# [WORK ORDER]
Below is a listing to write out in full, exactly as given, without its pictures.

# [DATA EXCERPTS]

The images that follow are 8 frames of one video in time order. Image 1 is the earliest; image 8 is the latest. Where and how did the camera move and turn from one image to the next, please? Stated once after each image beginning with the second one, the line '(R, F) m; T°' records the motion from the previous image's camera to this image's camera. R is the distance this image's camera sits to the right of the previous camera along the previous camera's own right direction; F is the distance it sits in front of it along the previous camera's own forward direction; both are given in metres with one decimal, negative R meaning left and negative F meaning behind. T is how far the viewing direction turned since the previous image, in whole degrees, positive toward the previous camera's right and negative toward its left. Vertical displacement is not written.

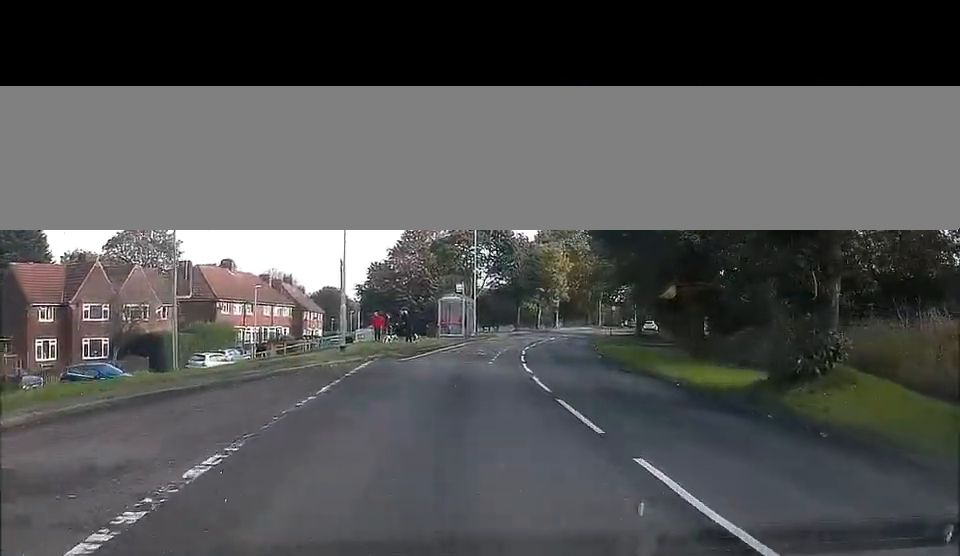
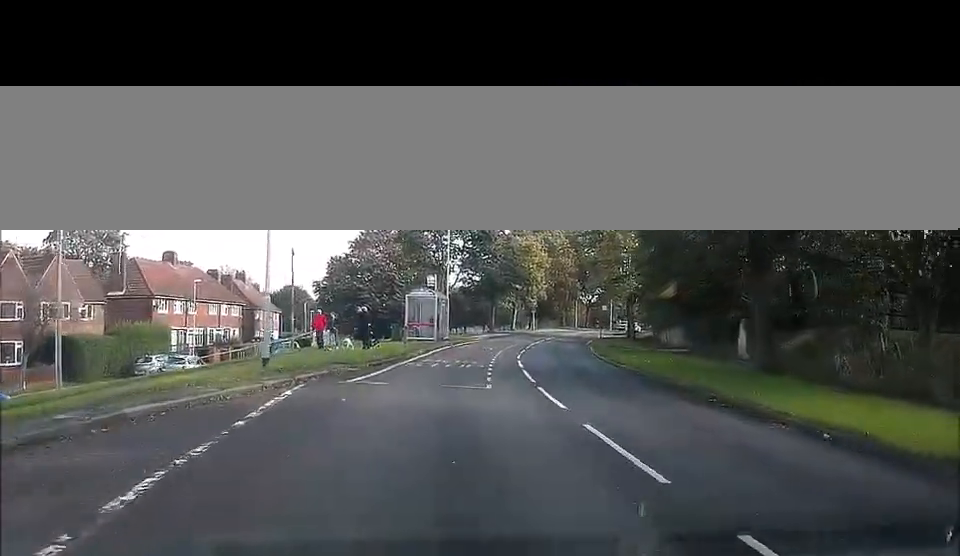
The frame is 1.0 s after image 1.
(+0.3, +9.5) m; +5°
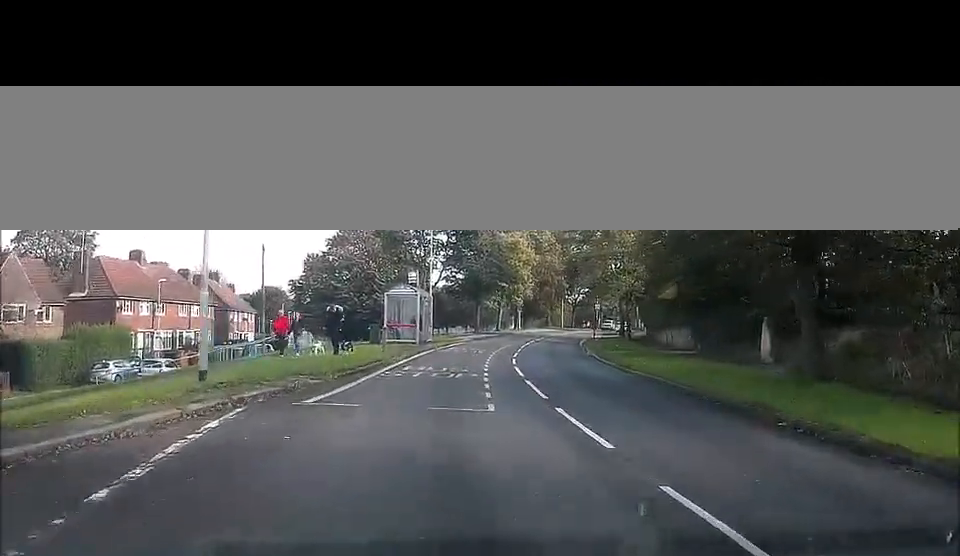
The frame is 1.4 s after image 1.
(+0.2, +4.2) m; +2°
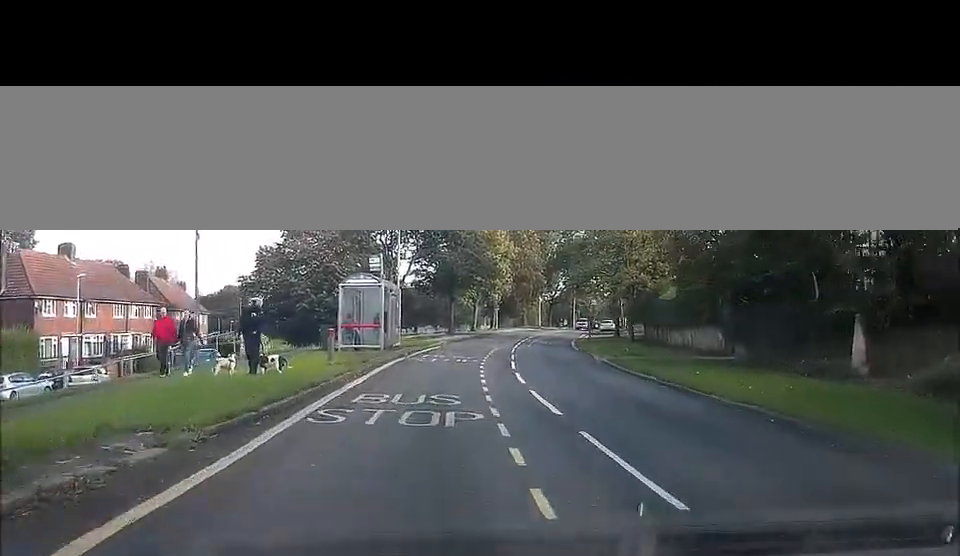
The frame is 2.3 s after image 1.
(+0.2, +9.0) m; +3°
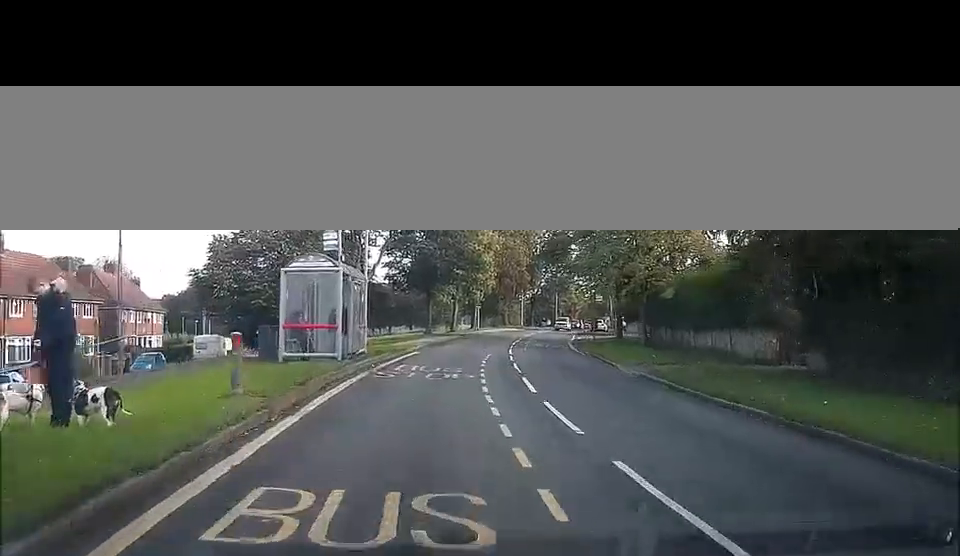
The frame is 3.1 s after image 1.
(+0.2, +8.2) m; 0°
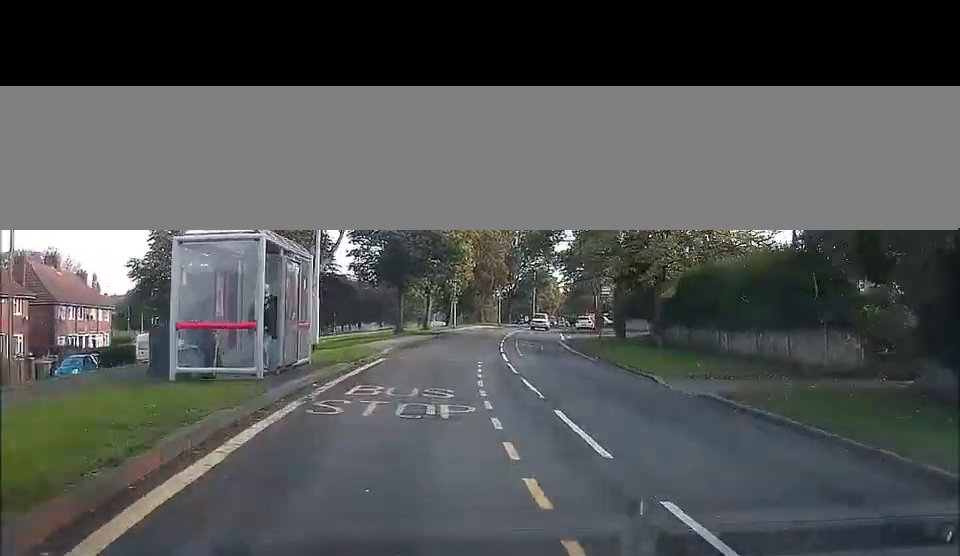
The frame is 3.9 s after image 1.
(+0.1, +7.6) m; 0°
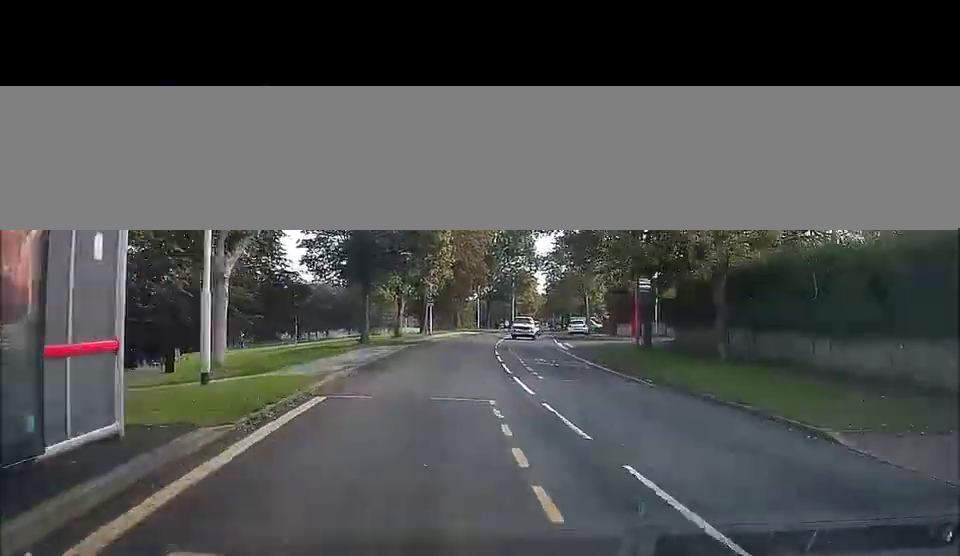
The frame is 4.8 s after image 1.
(-0.2, +10.2) m; +1°
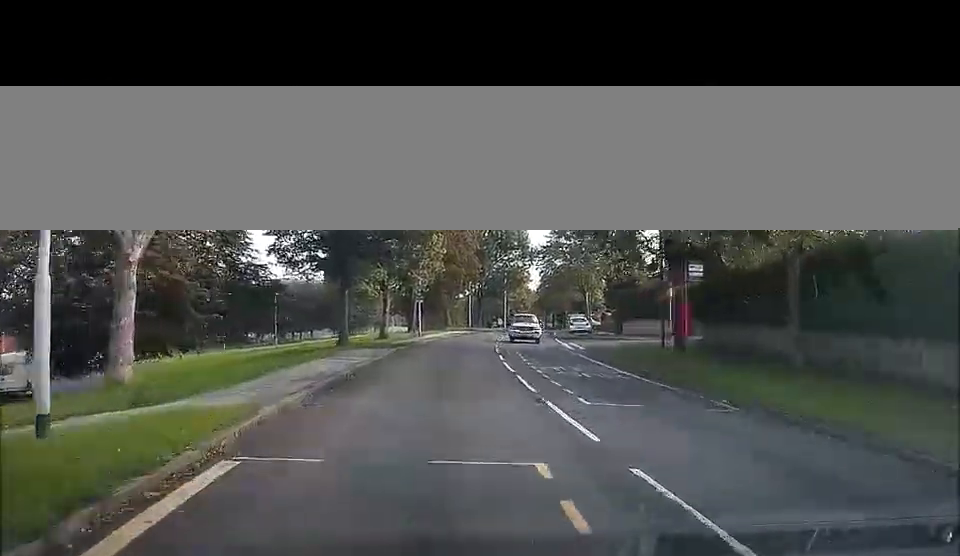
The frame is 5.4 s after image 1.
(+0.2, +6.0) m; +3°
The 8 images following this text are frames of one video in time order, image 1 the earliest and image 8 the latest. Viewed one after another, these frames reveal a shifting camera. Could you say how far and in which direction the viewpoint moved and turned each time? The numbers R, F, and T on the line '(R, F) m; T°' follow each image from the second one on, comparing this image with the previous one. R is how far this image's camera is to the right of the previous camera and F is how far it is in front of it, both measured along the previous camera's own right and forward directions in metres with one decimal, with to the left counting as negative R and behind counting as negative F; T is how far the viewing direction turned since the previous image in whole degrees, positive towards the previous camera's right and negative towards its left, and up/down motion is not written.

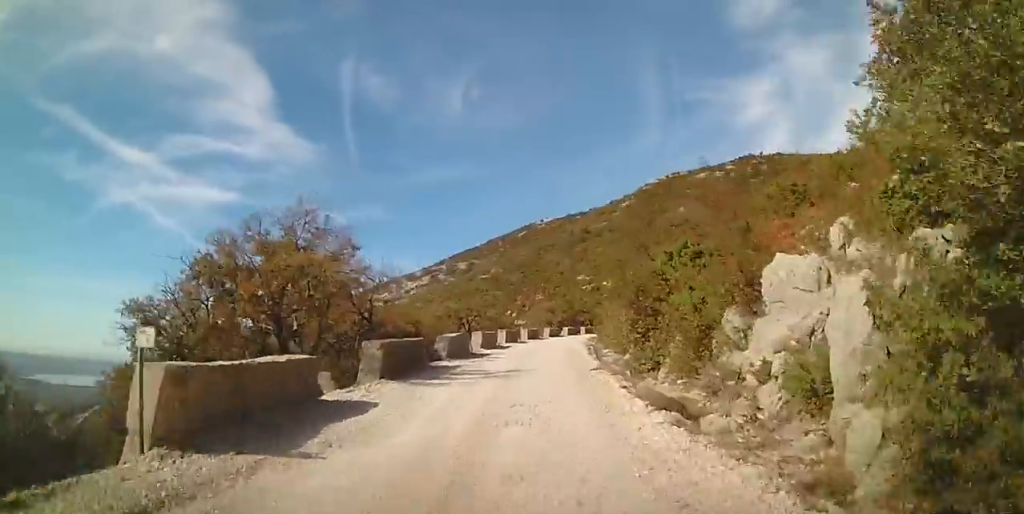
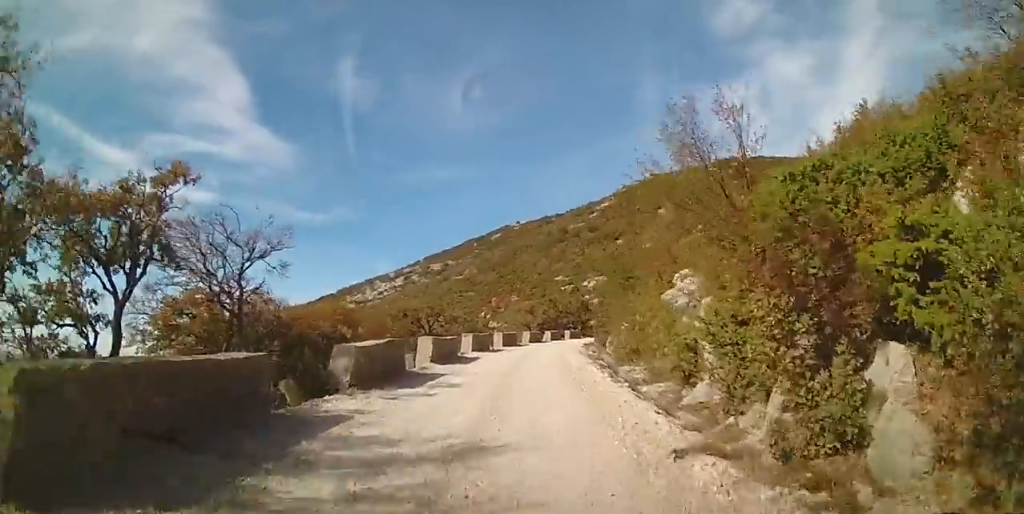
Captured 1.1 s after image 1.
(+0.7, +9.6) m; +2°
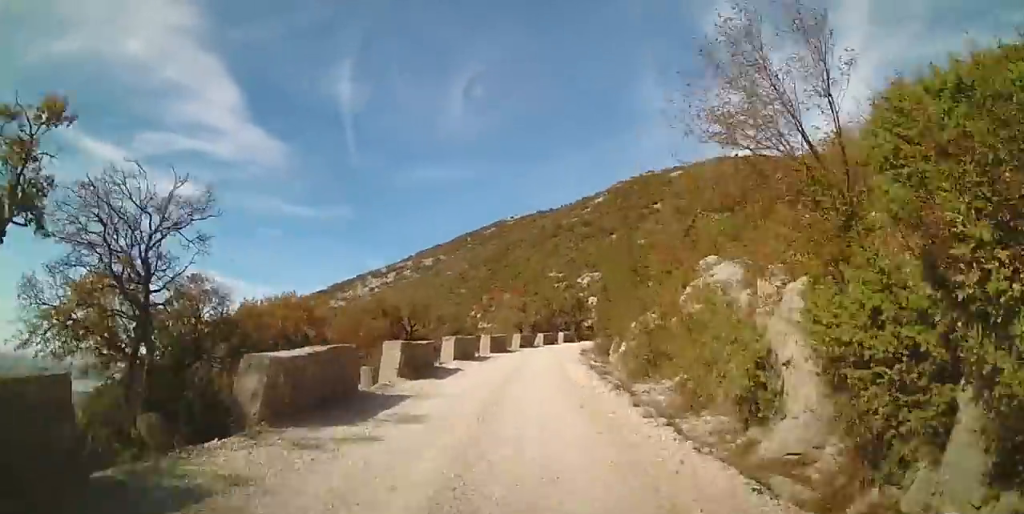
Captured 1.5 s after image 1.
(-0.2, +3.6) m; -1°
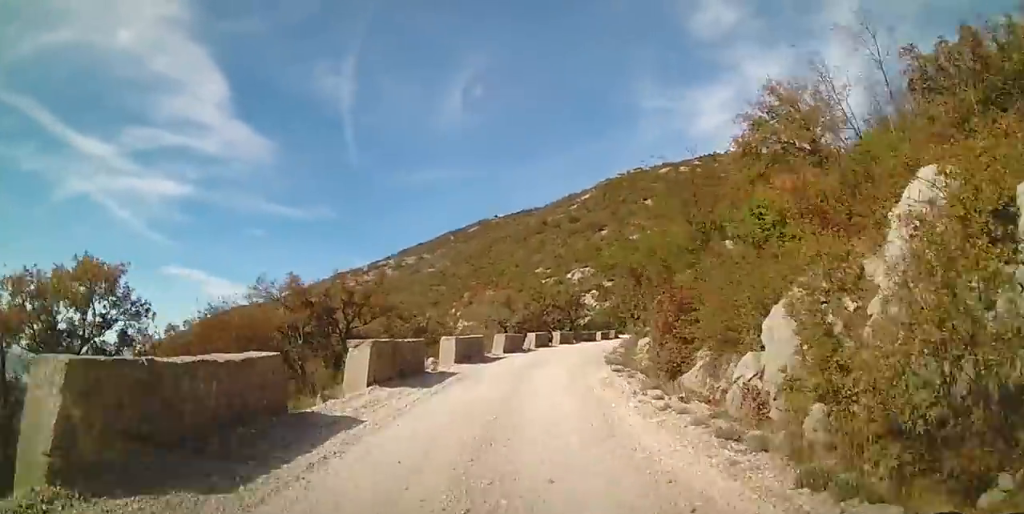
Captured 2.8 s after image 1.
(-0.1, +11.3) m; +3°
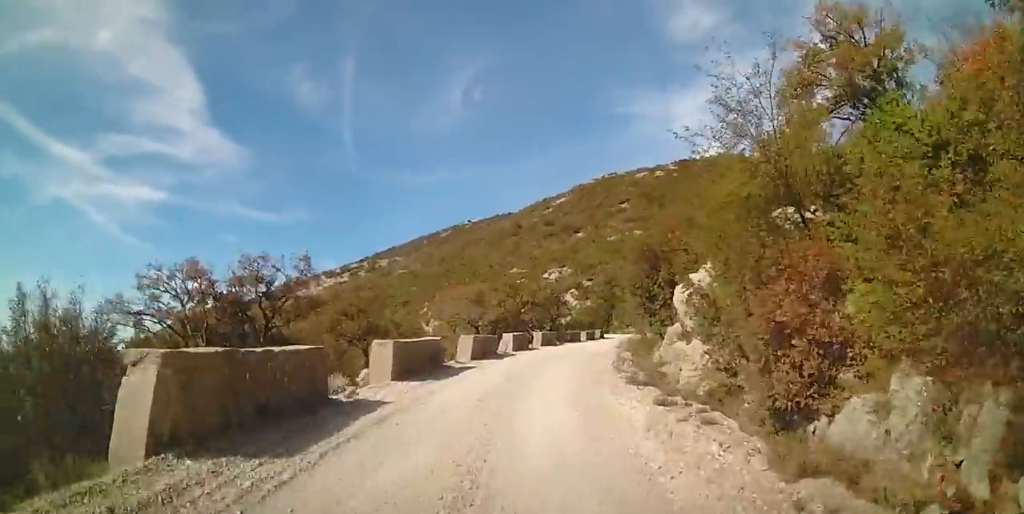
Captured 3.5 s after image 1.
(+0.4, +6.0) m; +6°
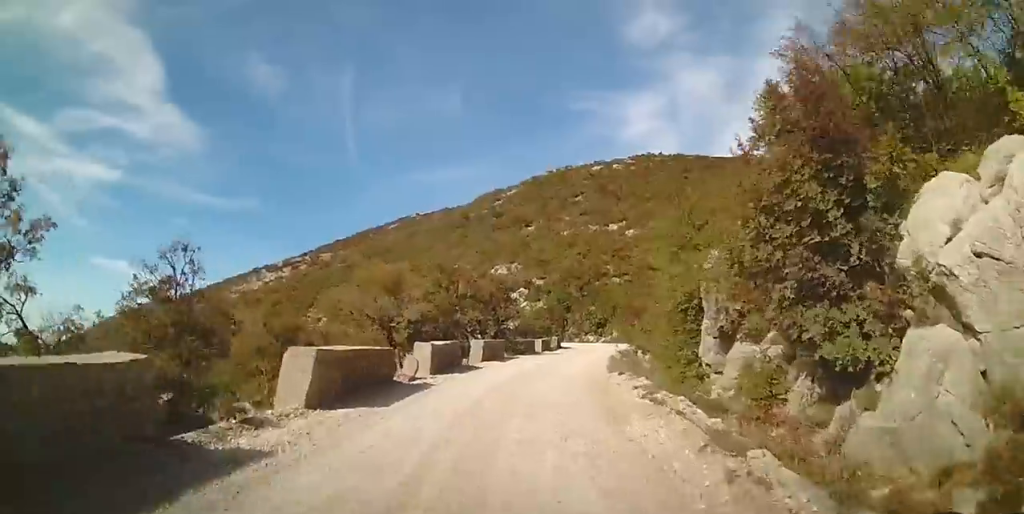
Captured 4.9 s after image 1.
(+0.9, +11.0) m; +4°
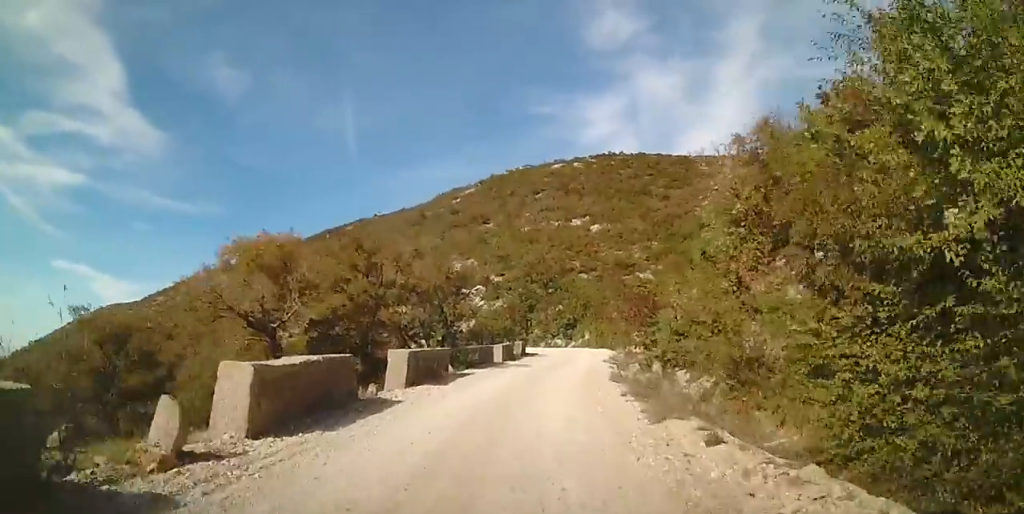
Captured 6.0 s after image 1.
(-0.3, +8.3) m; +3°
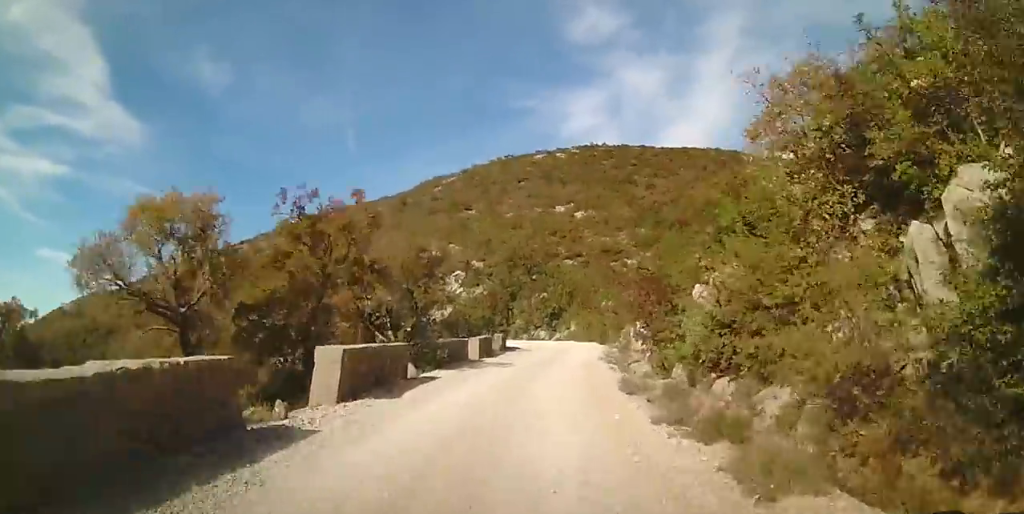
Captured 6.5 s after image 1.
(+0.2, +3.7) m; +4°

# [ANSWER TO THE EXERCISE]
The images that follow are 8 frames of one video in time order. Image 1 is the earliest; image 8 is the latest. Where and how did the camera move and turn from one image to the next, please? Stated once after each image beginning with the second one, the line '(R, F) m; T°' records the motion from the previous image's camera to this image's camera. R is the distance this image's camera sits to the right of the previous camera along the previous camera's own right direction; F is the distance it sits in front of it along the previous camera's own forward direction; both are given in metres with one decimal, negative R meaning left and negative F meaning behind. T is how far the viewing direction turned since the previous image, in whole degrees, positive toward the previous camera's right and negative toward its left. Vertical displacement is not written.

The frame is 1.0 s after image 1.
(+0.3, +9.5) m; +5°
The frame is 1.4 s after image 1.
(+0.2, +4.2) m; +2°
The frame is 2.3 s after image 1.
(+0.2, +9.0) m; +3°
The frame is 3.1 s after image 1.
(+0.2, +8.2) m; 0°
The frame is 3.9 s after image 1.
(+0.1, +7.6) m; 0°
The frame is 4.8 s after image 1.
(-0.2, +10.2) m; +1°
The frame is 5.4 s after image 1.
(+0.2, +6.0) m; +3°
The 8 images following this text are frames of one video in time order, image 1 the earliest and image 8 the latest. Viewed one after another, these frames reveal a shifting camera. Could you say how far and in which direction the viewpoint moved and turned each time? The numbers R, F, and T on the line '(R, F) m; T°' follow each image from the second one on, comparing this image with the previous one. R is how far this image's camera is to the right of the previous camera and F is how far it is in front of it, both measured along the previous camera's own right and forward directions in metres with one decimal, with to the left counting as negative R and behind counting as negative F; T is how far the viewing direction turned since the previous image in whole degrees, positive towards the previous camera's right and negative towards its left, and up/down motion is not written.

Captured 1.1 s after image 1.
(+0.7, +9.6) m; +2°
Captured 1.5 s after image 1.
(-0.2, +3.6) m; -1°
Captured 2.8 s after image 1.
(-0.1, +11.3) m; +3°
Captured 3.5 s after image 1.
(+0.4, +6.0) m; +6°
Captured 4.9 s after image 1.
(+0.9, +11.0) m; +4°
Captured 6.0 s after image 1.
(-0.3, +8.3) m; +3°
Captured 6.5 s after image 1.
(+0.2, +3.7) m; +4°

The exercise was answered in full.